This sounds somewhat reasonable, so let’s dive in to learn more.

But first, what are quantum computers?

Quantum physics is the study of structures smaller than atoms. The conventional principles of physics are thrown out the window while studying subatomic structures, and novel phenomena on a microscopic level begin to emerge. Quantum computers exploit those properties to perform calculations faster than even the most powerful supercomputers.1

The computers we use today store information in the form of bits (with each bit having two possible states 0 or 1), while a quantum computer encodes information in far richer states called qubits (which can be in any state on the surface of the sphere below).2

Due to a phenomenon known as quantum superposition, qubits can exist in numerous states simultaneously.
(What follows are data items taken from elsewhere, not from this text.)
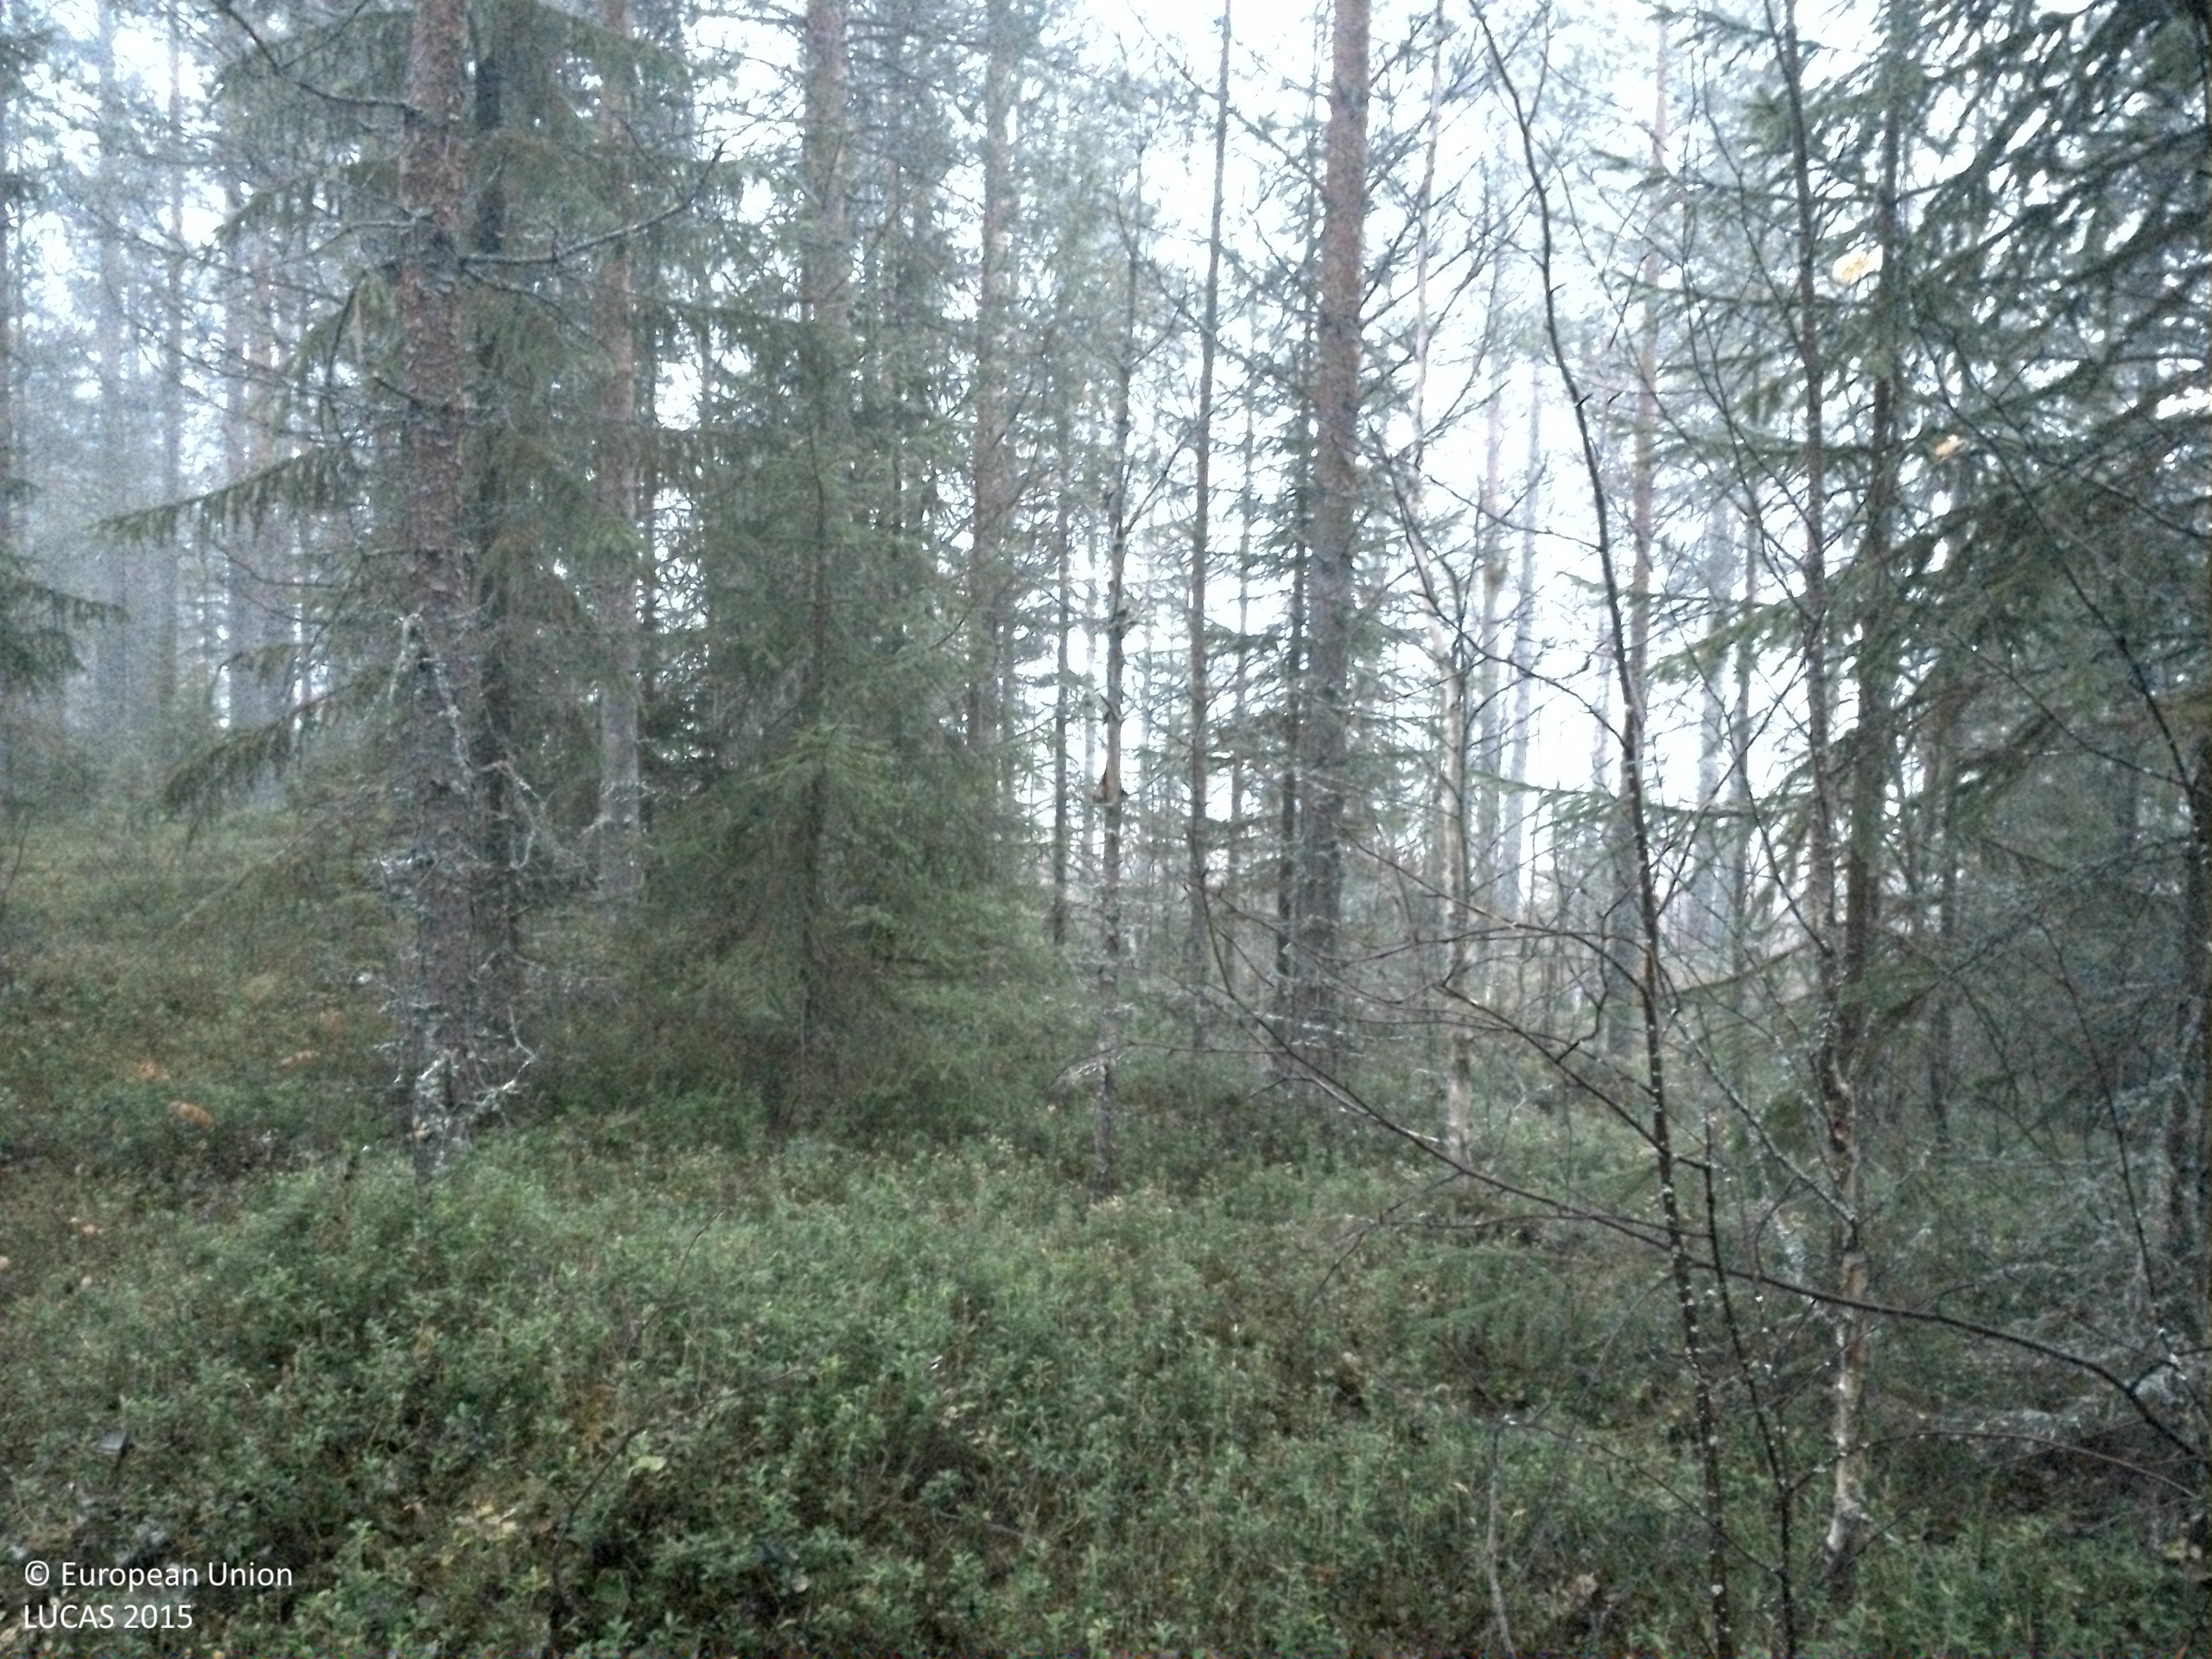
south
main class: Woodland
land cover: Pine dominated mixed woodland
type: boreal forest
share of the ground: 50 - 75 %
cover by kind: coniferous forest trees 45 %, shrubs 30 %, broadleaved forest trees 15 %, lichens and mosses 10 %
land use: Forestry
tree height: > 5 m
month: October
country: SE
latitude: 64.0915
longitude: 16.3091
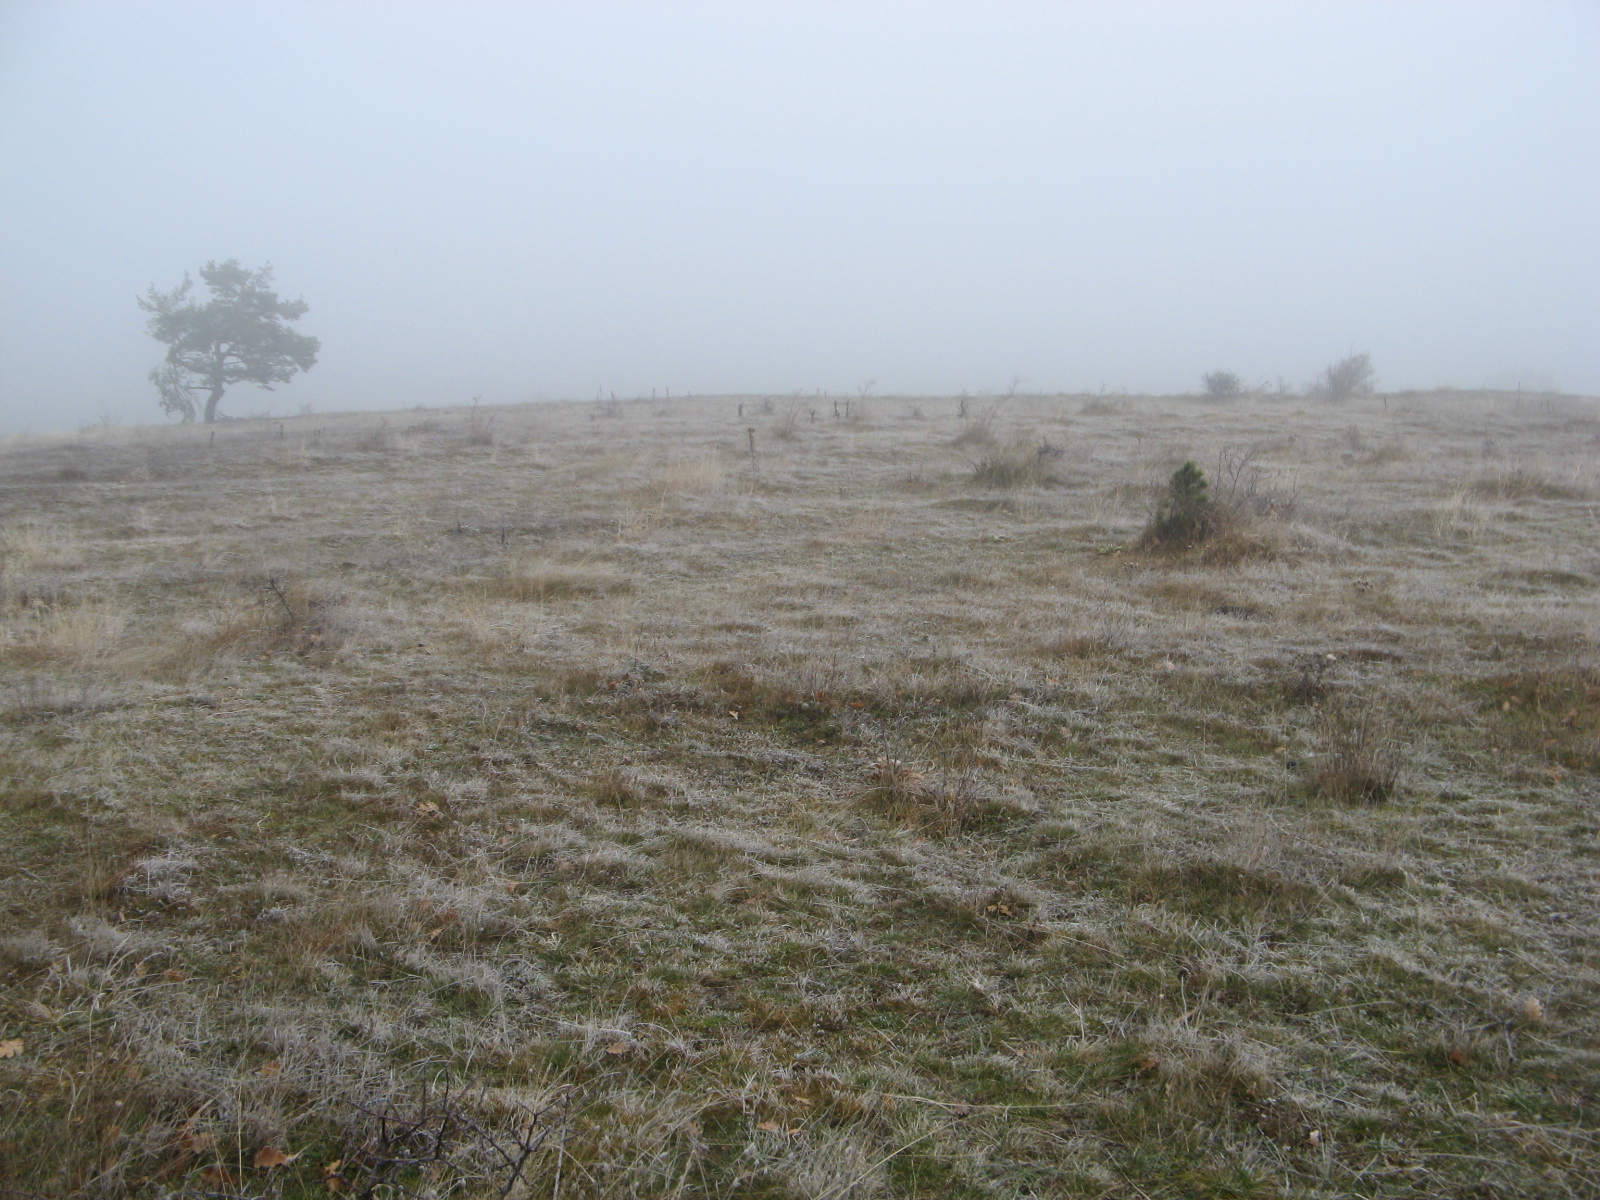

This feature increases their speed exponentially when compared to binary computer systems.3 Generally speaking, the more qubits a quantum computer has, the stronger it will be (more qubits = more computing power). Qubits vary in quality, which will be discussed further down the article. Quantum computing becomes a fascinating topic to learn about when looking into the opportunities: Once fully developed, it will act as a catalyst for scientific discovery and innovation, transforming areas such as energy storage, chemical engineering, material science, drug discovery, and machine learning.4

Second, how far are quantum computers developed?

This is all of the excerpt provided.